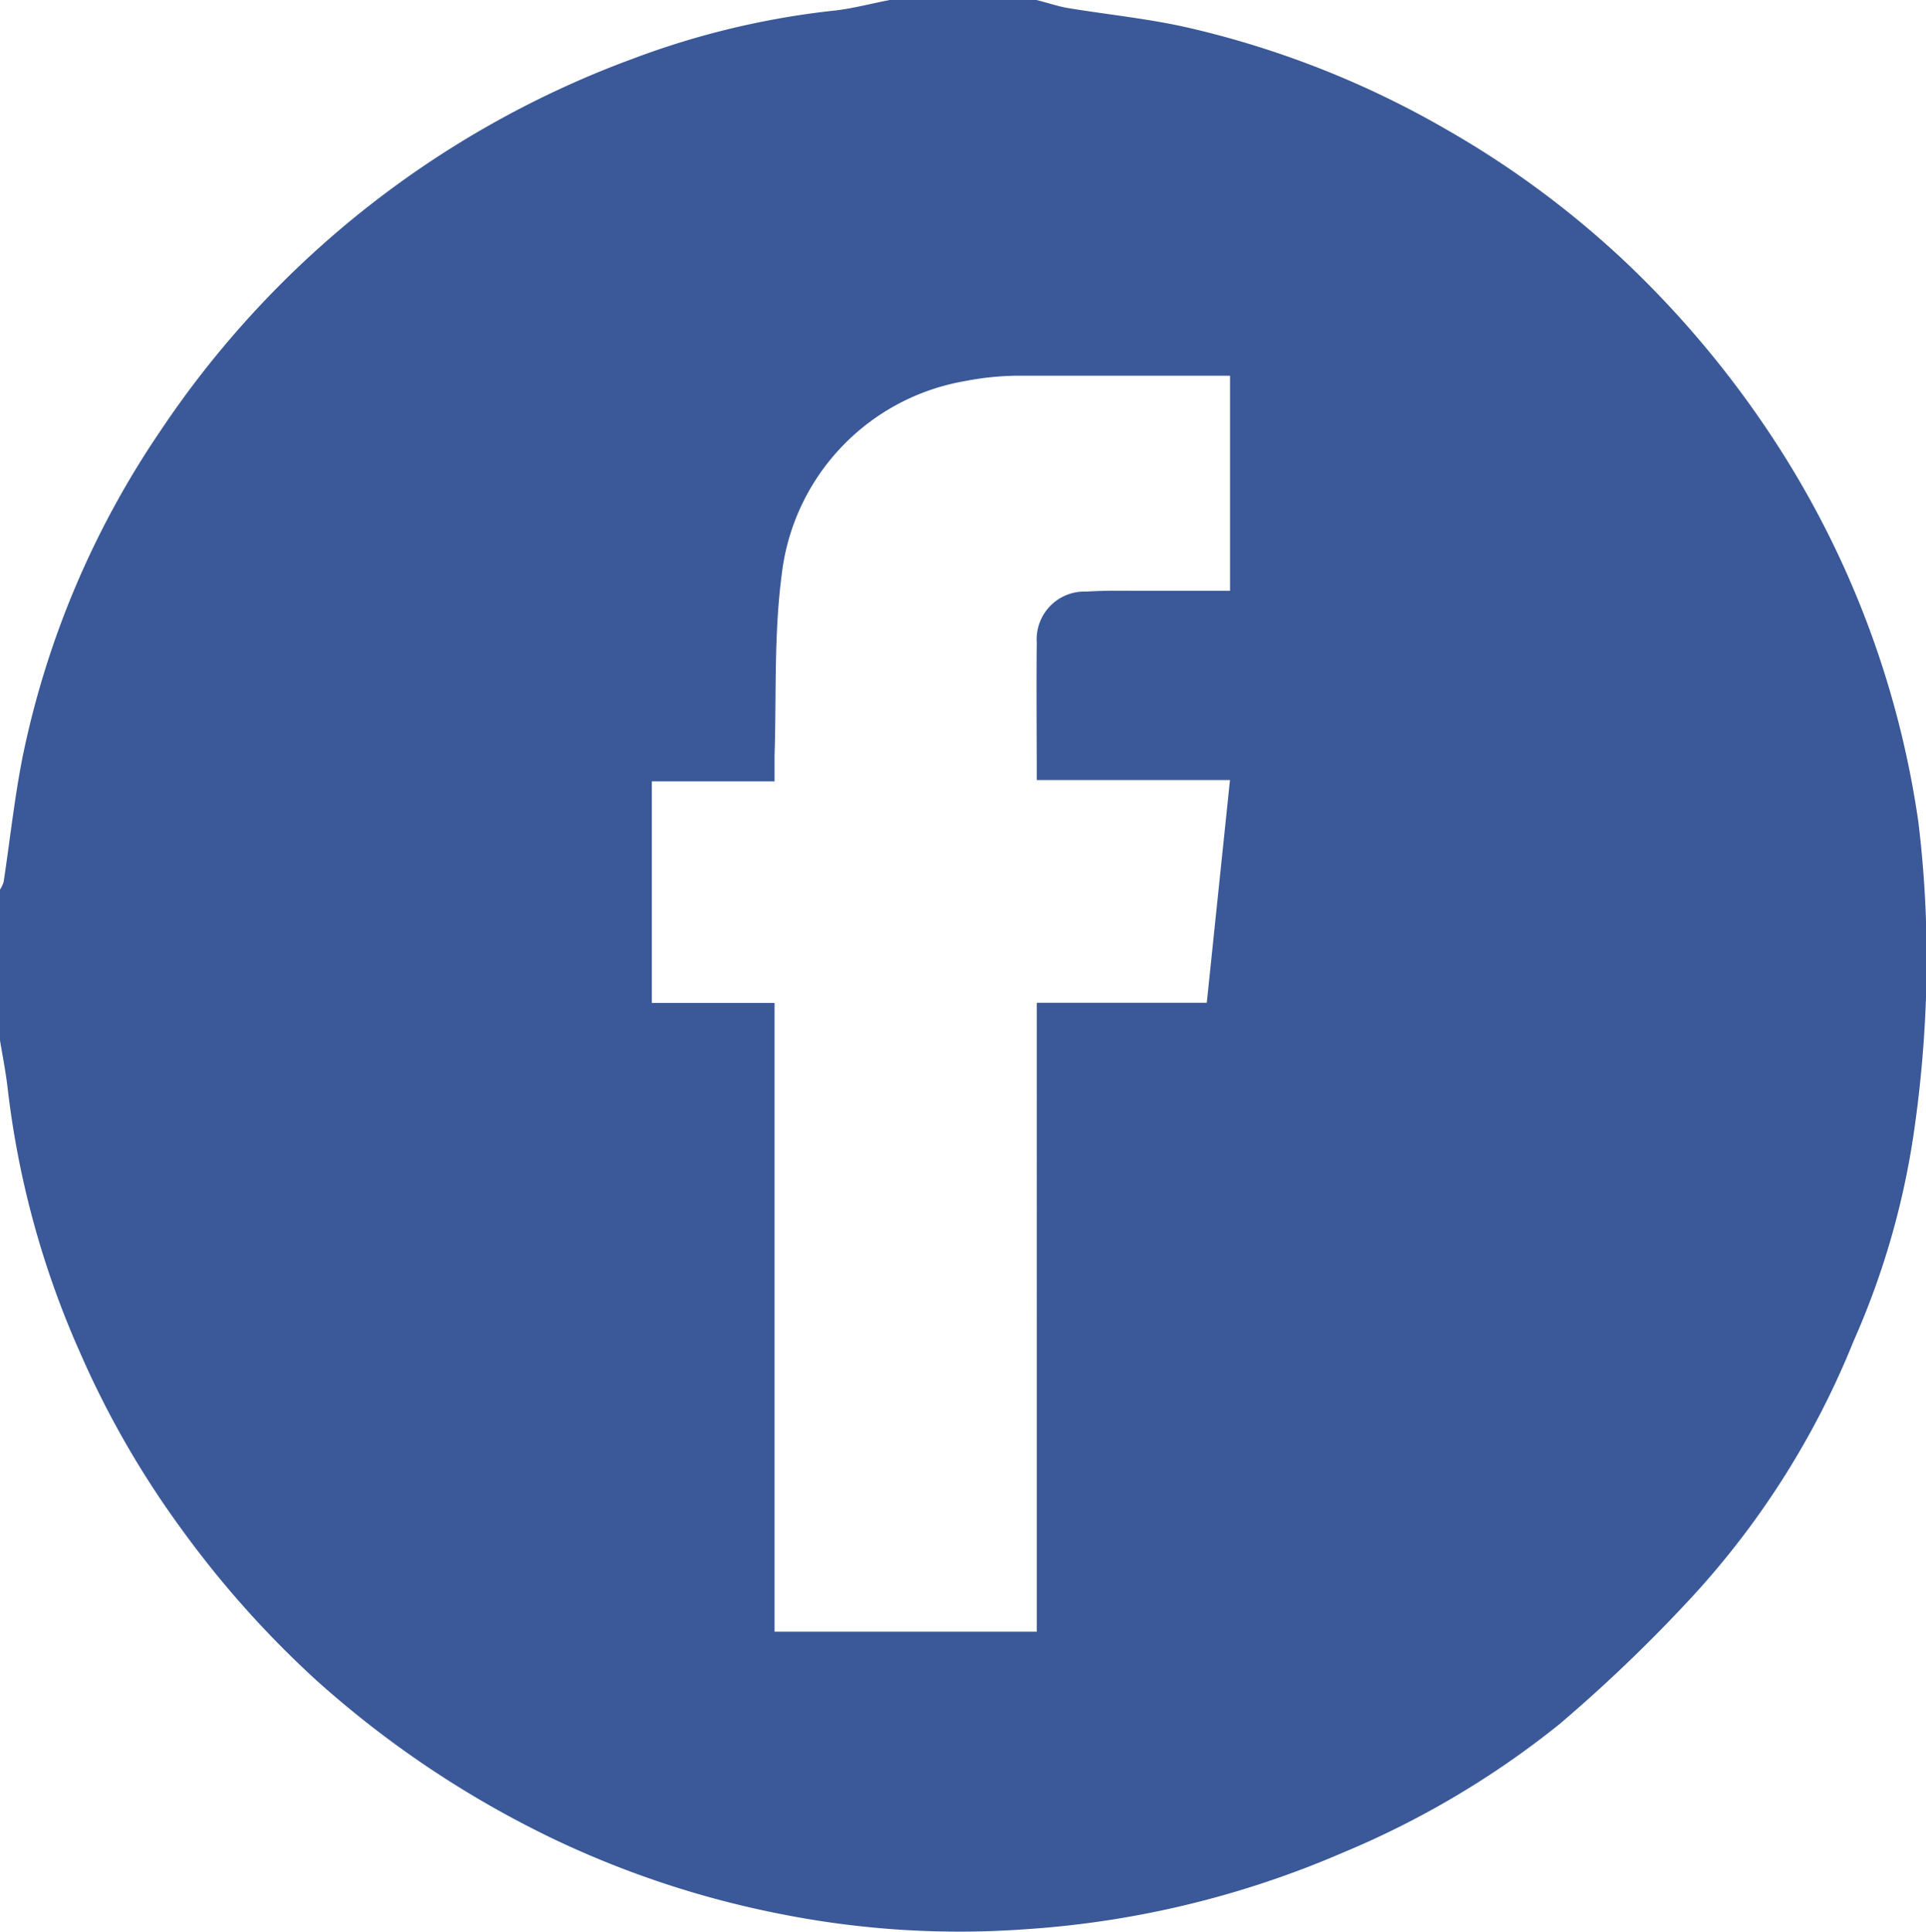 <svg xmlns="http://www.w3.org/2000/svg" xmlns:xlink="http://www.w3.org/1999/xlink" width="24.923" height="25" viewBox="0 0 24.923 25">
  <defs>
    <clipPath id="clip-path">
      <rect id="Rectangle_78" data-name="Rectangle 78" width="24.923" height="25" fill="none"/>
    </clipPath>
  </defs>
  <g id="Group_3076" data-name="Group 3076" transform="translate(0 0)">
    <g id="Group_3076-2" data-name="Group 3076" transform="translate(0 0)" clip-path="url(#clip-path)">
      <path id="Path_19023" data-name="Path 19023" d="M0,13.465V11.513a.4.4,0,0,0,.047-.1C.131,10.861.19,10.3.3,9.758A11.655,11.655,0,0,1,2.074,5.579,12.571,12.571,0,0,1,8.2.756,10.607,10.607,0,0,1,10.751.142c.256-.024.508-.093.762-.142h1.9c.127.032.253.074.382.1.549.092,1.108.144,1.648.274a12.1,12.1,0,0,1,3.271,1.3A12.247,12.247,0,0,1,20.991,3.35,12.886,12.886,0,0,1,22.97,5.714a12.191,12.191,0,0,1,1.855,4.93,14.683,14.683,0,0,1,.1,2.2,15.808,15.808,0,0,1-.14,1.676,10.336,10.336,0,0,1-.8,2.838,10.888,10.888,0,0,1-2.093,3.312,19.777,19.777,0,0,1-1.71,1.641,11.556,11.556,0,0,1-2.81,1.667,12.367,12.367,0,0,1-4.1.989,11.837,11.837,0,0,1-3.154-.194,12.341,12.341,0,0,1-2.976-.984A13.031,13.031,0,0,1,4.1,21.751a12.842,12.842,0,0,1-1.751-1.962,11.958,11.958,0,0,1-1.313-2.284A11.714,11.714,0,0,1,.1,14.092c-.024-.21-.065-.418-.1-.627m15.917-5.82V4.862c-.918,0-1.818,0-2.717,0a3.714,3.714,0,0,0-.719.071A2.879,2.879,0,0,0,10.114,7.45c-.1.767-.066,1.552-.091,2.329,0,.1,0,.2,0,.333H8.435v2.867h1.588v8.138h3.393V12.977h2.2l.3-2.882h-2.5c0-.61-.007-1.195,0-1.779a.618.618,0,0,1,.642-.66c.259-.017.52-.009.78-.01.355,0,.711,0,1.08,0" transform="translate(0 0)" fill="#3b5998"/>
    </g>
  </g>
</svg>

+ + +

- [What the exercise asks]: Would you output all of the entries above exactly, keeping the pictures out?

- [Answer space]:
 <svg xmlns="http://www.w3.org/2000/svg" xmlns:xlink="http://www.w3.org/1999/xlink" width="24.923" height="25" viewBox="0 0 24.923 25">
  <defs>
    <clipPath id="clip-path">
      <rect id="Rectangle_78" data-name="Rectangle 78" width="24.923" height="25" fill="none"/>
    </clipPath>
  </defs>
  <g id="Group_3076" data-name="Group 3076" transform="translate(0 0)">
    <g id="Group_3076-2" data-name="Group 3076" transform="translate(0 0)" clip-path="url(#clip-path)">
      <path id="Path_19023" data-name="Path 19023" d="M0,13.465V11.513a.4.4,0,0,0,.047-.1C.131,10.861.19,10.3.3,9.758A11.655,11.655,0,0,1,2.074,5.579,12.571,12.571,0,0,1,8.2.756,10.607,10.607,0,0,1,10.751.142c.256-.024.508-.093.762-.142h1.9c.127.032.253.074.382.1.549.092,1.108.144,1.648.274a12.1,12.1,0,0,1,3.271,1.3A12.247,12.247,0,0,1,20.991,3.35,12.886,12.886,0,0,1,22.97,5.714a12.191,12.191,0,0,1,1.855,4.93,14.683,14.683,0,0,1,.1,2.2,15.808,15.808,0,0,1-.14,1.676,10.336,10.336,0,0,1-.8,2.838,10.888,10.888,0,0,1-2.093,3.312,19.777,19.777,0,0,1-1.71,1.641,11.556,11.556,0,0,1-2.81,1.667,12.367,12.367,0,0,1-4.1.989,11.837,11.837,0,0,1-3.154-.194,12.341,12.341,0,0,1-2.976-.984A13.031,13.031,0,0,1,4.1,21.751a12.842,12.842,0,0,1-1.751-1.962,11.958,11.958,0,0,1-1.313-2.284A11.714,11.714,0,0,1,.1,14.092c-.024-.21-.065-.418-.1-.627m15.917-5.82V4.862c-.918,0-1.818,0-2.717,0a3.714,3.714,0,0,0-.719.071A2.879,2.879,0,0,0,10.114,7.45c-.1.767-.066,1.552-.091,2.329,0,.1,0,.2,0,.333H8.435v2.867h1.588v8.138h3.393V12.977h2.2l.3-2.882h-2.5c0-.61-.007-1.195,0-1.779a.618.618,0,0,1,.642-.66c.259-.017.52-.009.78-.01.355,0,.711,0,1.08,0" transform="translate(0 0)" fill="#3b5998"/>
    </g>
  </g>
</svg>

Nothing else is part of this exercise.